Great surgeons can transform lives in a way that very few medical disciplines can do. Likewise, poor surgeons can destroy and mangle lives just as quickly and easily. And sometimes there are wildcards outside of anyone’s control, like infection or excessive scar tissue formation, that can turn an otherwise simple procedure into a really wrong direction.


Please, take your surgery seriously! When your doctor says, “Don’t lift a cup of water for two months after a massive rotator cuff repair,” then you better follow that directive like “gospel” and sip out of a straw.


It is so often that I’d hear one of my patients coming back from surgery and complaining to me that they can’t go on that trip they had been planning, because the surgeon wouldn’t allow them to fly or climb stairs. I listen to their frustrations, but I also tell them to try and remember that they will only get this one chance to recover from their surgery. This “trauma” will create a highly complex immune response that will never repeat itself again. Once scar tissue is laid down across the muscles and nerve fibers as the tissue repairs itself, it will not undo itself and reattempt a better shot after you come back from your European vacation. The inflammation that is created during the subacute phase of healing will set the future state of your body up for the rest of your life. Can you really weigh a one or two week thrill against a lifetime of potential pain, stiffness and weakness?

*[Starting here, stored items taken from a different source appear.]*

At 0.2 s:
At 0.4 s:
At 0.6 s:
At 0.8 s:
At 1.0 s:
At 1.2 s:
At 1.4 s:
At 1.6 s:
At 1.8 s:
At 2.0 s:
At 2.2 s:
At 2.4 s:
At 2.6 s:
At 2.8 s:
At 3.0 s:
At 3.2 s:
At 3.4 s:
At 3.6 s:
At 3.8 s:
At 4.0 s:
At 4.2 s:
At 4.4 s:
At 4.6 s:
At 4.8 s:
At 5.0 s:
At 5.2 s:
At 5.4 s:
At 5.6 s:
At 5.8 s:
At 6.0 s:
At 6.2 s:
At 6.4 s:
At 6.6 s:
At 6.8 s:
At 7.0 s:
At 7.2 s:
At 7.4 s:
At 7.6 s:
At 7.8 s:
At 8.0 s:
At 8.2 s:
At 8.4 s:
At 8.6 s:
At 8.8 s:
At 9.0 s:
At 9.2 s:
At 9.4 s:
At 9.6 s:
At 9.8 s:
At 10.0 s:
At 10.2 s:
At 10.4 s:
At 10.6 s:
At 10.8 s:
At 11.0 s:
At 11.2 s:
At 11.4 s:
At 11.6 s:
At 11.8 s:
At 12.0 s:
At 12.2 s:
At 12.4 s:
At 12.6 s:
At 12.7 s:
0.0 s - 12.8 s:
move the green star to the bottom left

When I had my jaw surgery, I was given very strict precautions to not open my mouth — at all — for at least two months. To insure this from not accidentally happening, I had a plastic retainer stuck between my teeth and rubber-bands tightly placed around my metal braces at varying angles. There was no way anything — except for a trickle of water or air — was going to enter into my mouth. I couldn’t talk. I couldn’t eat. I couldn’t even take a deep breath, as if I was sucking in a tiny ounce of air through one of those goofy children's cup straws.

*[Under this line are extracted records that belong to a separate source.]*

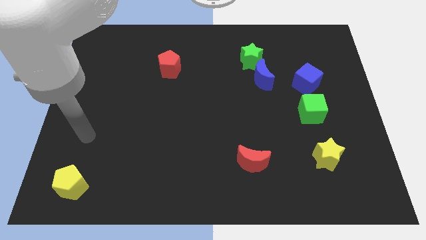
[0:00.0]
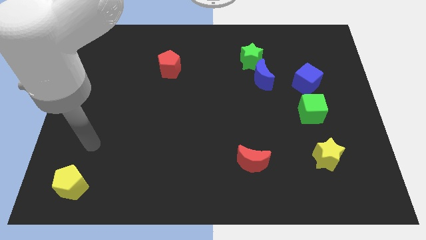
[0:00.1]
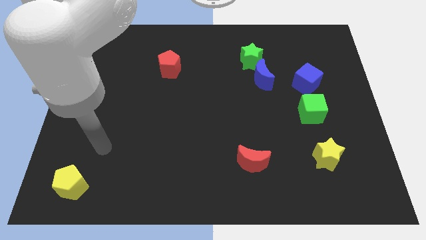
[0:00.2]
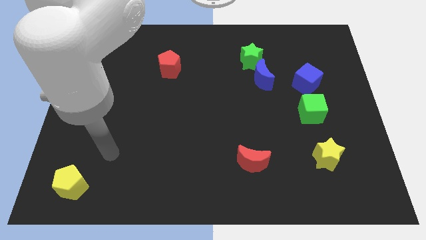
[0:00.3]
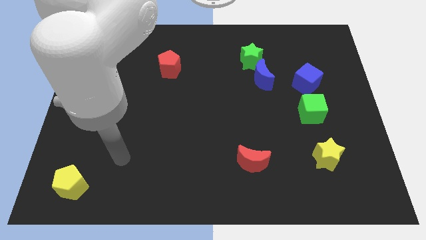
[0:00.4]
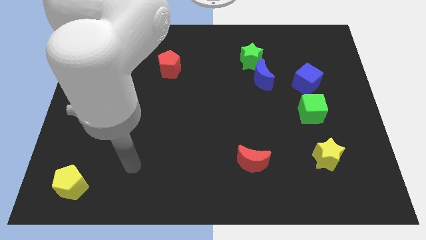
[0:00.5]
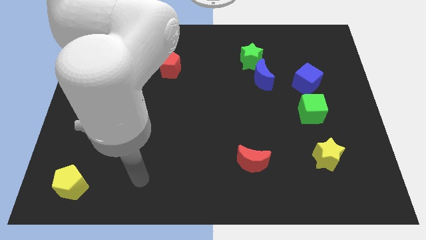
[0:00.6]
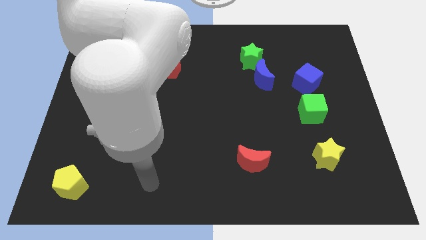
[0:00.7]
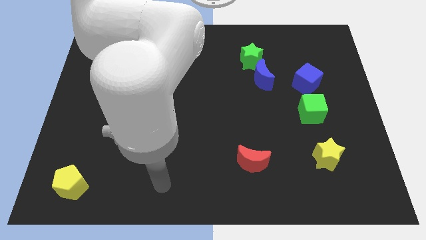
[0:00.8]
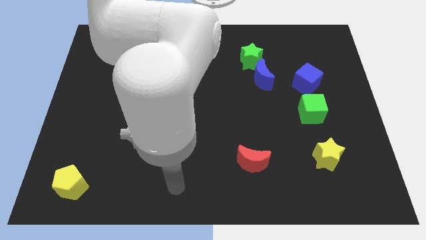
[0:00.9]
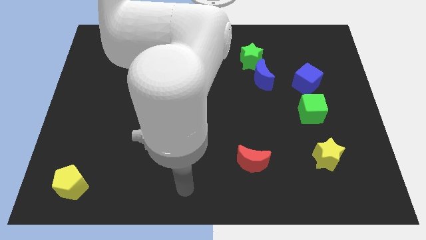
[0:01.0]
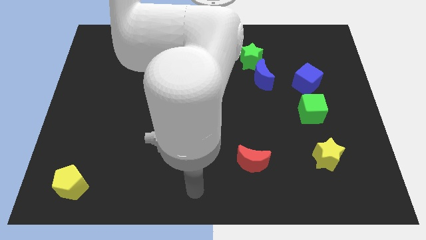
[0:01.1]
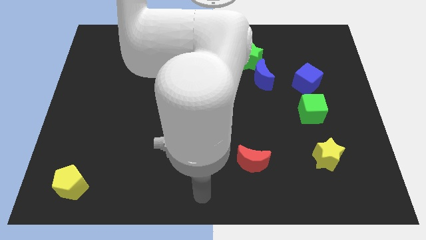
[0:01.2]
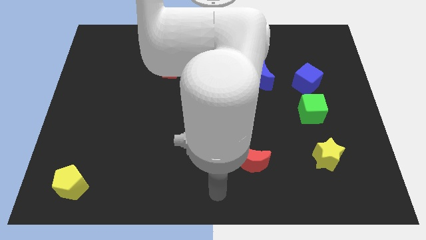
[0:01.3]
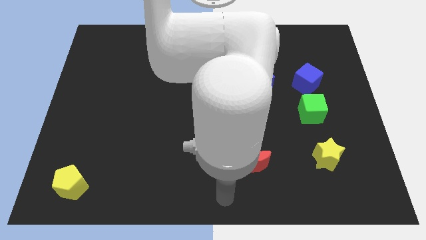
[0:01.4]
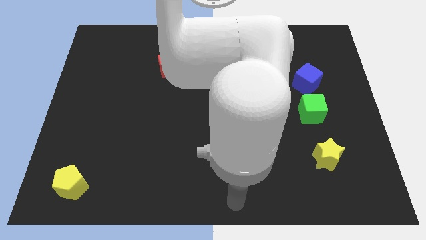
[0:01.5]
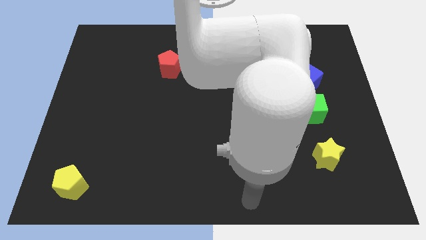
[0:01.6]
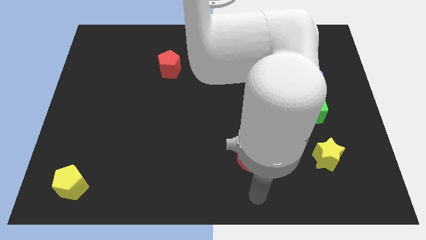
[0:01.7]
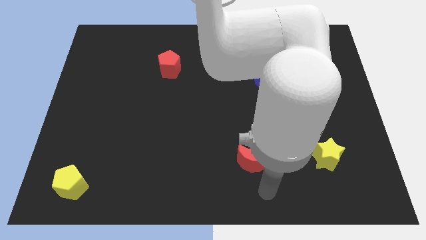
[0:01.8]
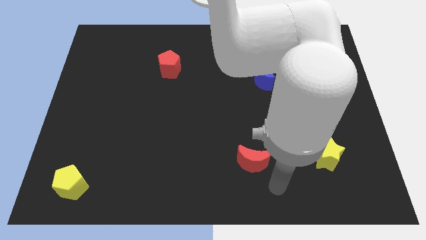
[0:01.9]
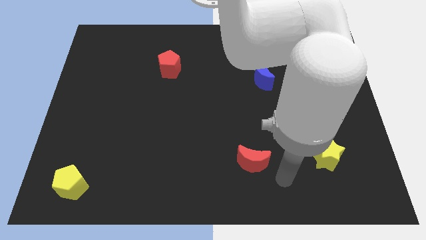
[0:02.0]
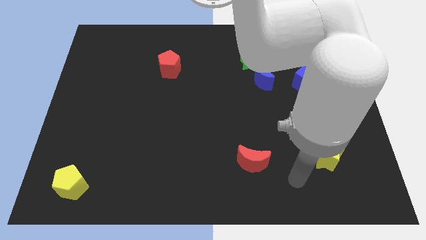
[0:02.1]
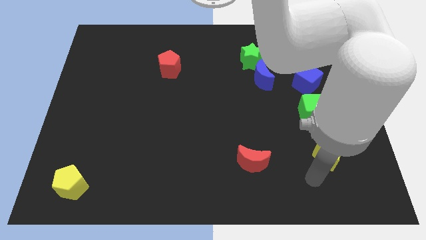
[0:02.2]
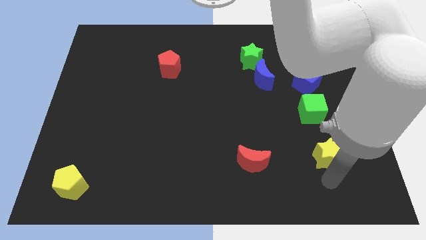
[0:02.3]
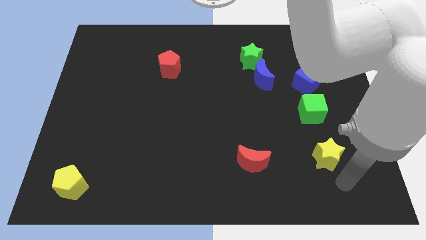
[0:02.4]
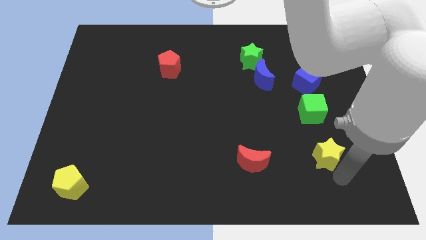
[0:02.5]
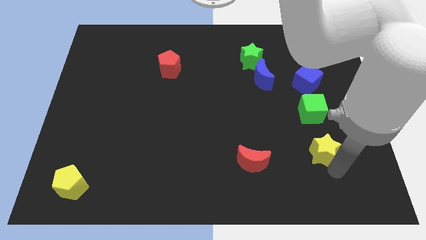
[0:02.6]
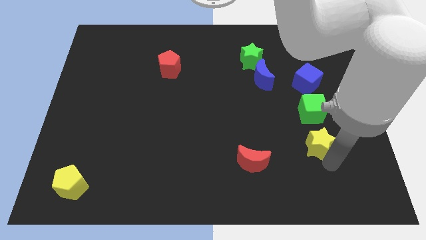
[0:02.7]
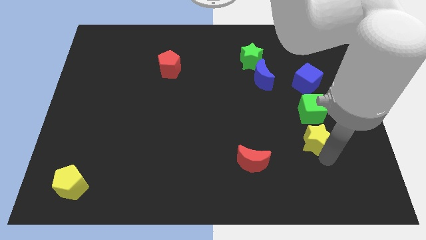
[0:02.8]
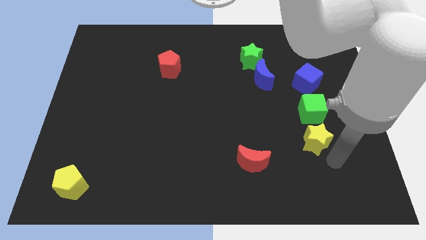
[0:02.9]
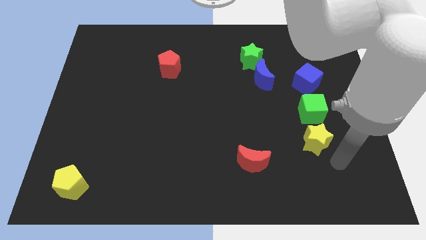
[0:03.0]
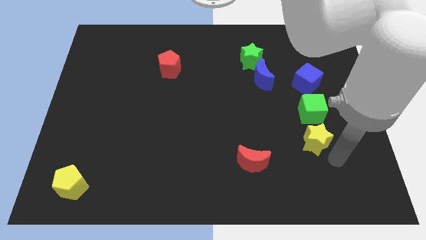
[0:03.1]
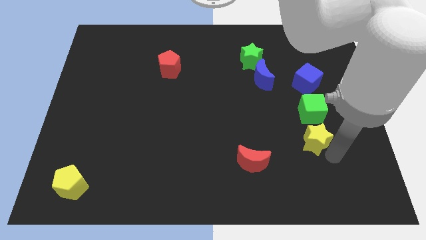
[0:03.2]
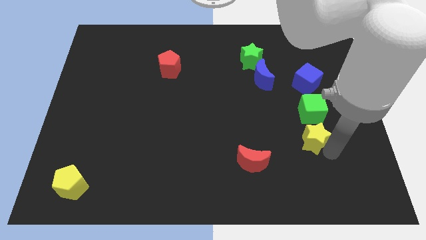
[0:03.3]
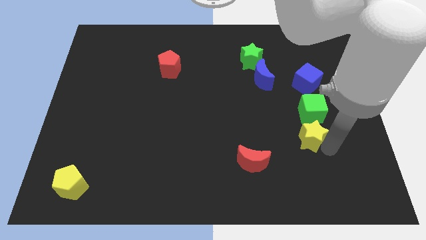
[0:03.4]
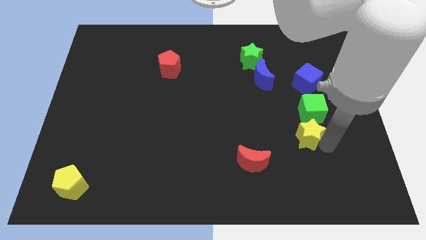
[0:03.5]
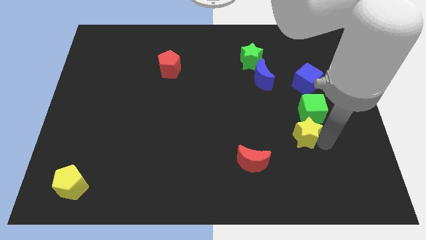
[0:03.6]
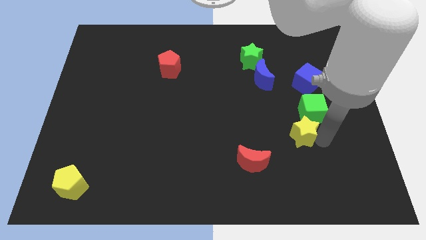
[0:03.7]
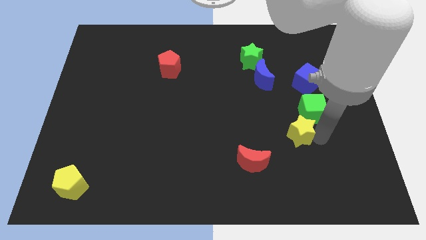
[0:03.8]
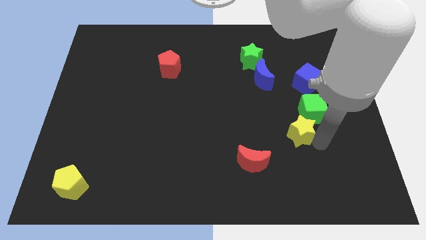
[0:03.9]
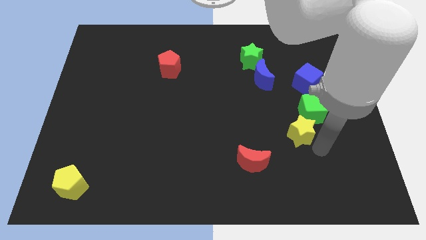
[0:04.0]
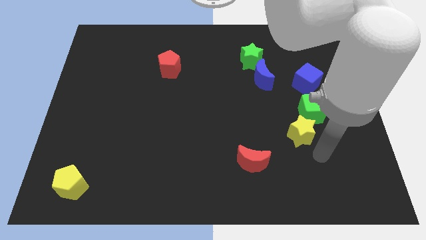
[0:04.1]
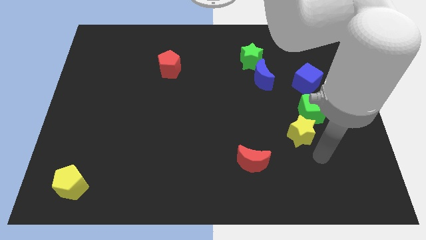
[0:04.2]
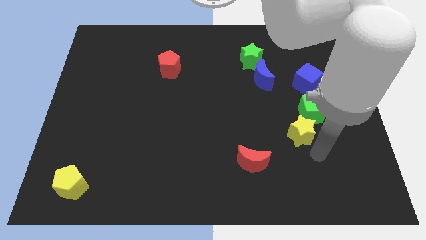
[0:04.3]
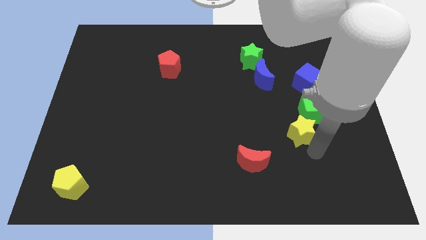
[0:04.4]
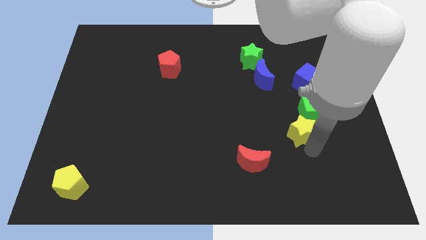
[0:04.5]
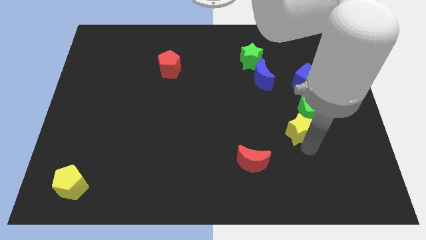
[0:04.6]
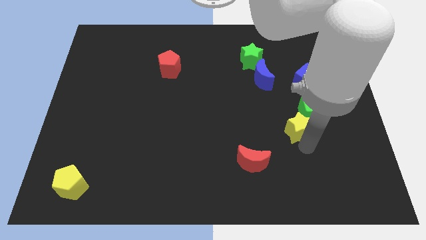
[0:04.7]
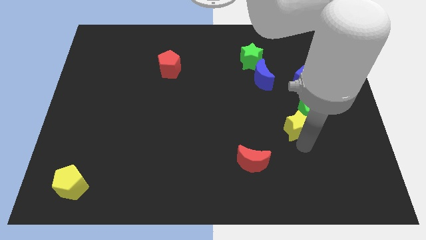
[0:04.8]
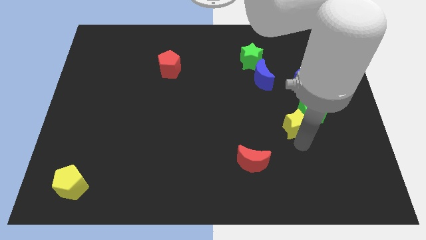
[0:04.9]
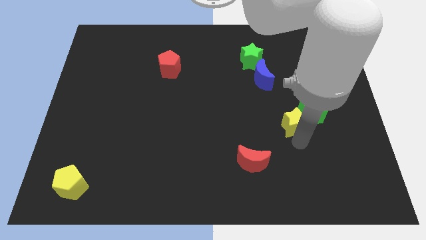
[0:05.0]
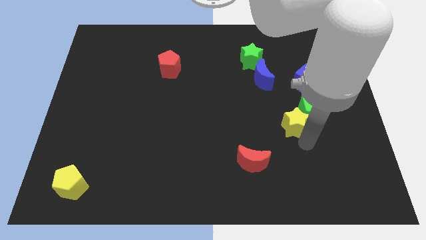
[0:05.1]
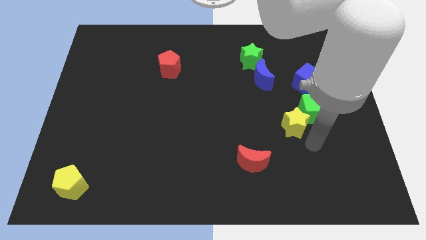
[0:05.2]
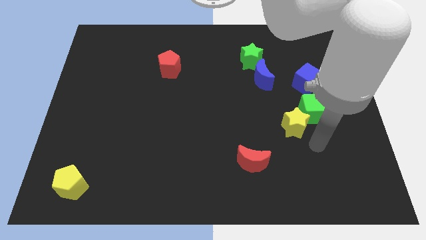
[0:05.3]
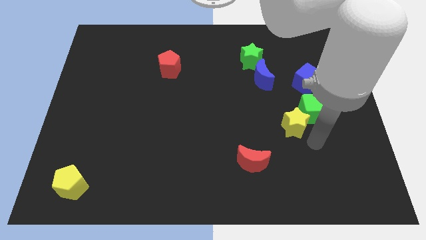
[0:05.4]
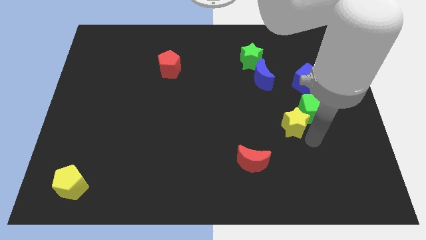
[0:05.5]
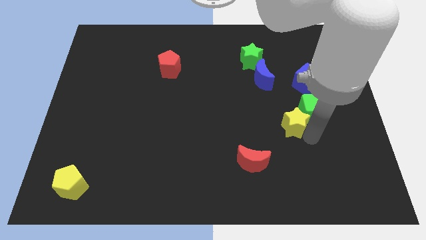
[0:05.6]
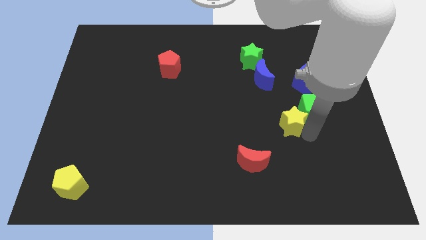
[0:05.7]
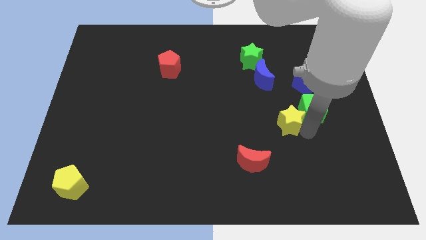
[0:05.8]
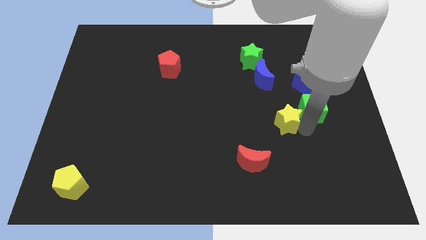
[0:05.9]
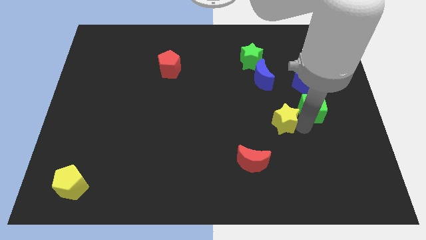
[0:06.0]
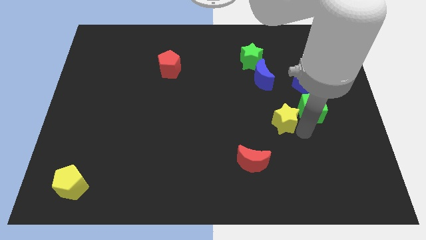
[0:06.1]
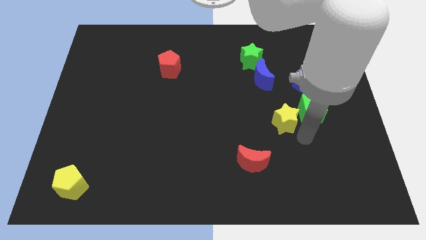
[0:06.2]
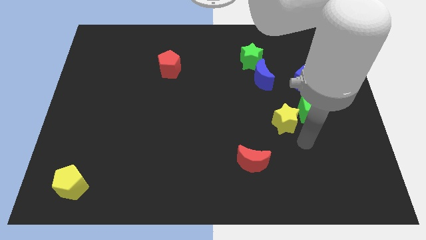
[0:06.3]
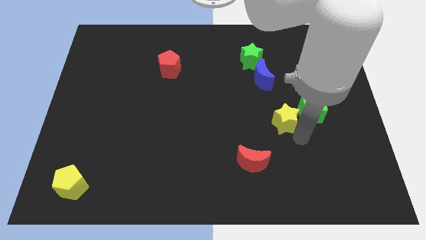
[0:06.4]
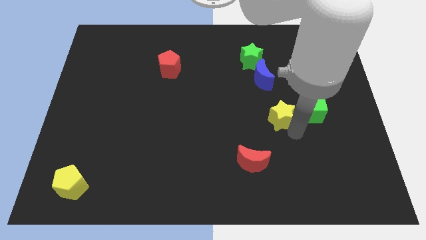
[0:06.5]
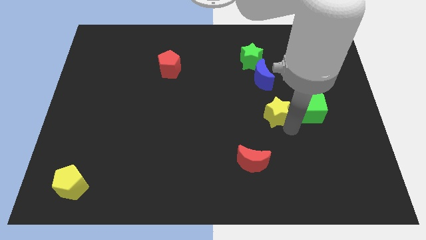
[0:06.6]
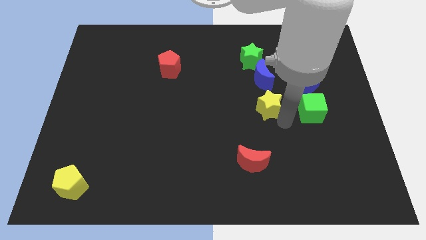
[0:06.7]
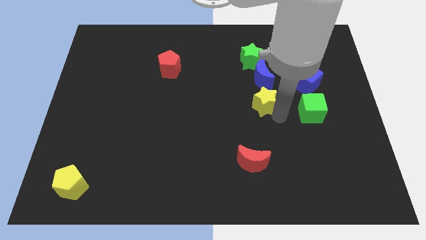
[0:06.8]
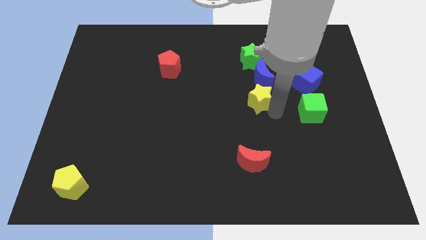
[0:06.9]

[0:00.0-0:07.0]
push the yellow star up and to the left diagonally

Believe me when I tell you that I begged many, many times to break those precautions and cut the rubber bands that were holding my mouth shut. But, the doctors and nurses simply said “Nope, we cannot cut those bands. You just have to deal with it, otherwise the surgery was done for nothing.”

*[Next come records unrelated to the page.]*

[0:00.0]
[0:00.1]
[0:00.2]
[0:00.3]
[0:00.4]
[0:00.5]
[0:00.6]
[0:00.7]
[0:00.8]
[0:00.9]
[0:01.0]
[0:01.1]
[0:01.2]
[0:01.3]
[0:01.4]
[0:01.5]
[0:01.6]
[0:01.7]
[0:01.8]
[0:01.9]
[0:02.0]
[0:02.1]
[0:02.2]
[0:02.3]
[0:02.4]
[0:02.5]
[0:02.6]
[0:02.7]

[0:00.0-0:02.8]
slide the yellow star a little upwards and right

So, I understand how people can feel trapped with their restrictions — but it’s temporary. Every day you will feel a little bit better, and a little bit better…


In that first month, when I couldn’t eat or speak, I would stand in the bakery aisle of the supermarket and just breathe in the sweet smell of wheat and biscuits and cookies, and just convince myself that it was worth it. I truly believed, “Some day I will be better off than before I had the surgery.”


This is something you, too, would have to ask yourself: “Is the benefit worth the risk?”



Whether it’s an accident on a city street, or a skilled “intentional” trauma at the hands of a highly distinguished surgeon, you have to appreciate that the period following your injury is a highly unusual, and highly atypical, time in the whole journey of your recovery process. You have been broken down and rebuilt up again. And remember, you only get one chance to make the best of this phase of healing, because once it passes, it never comes back around again.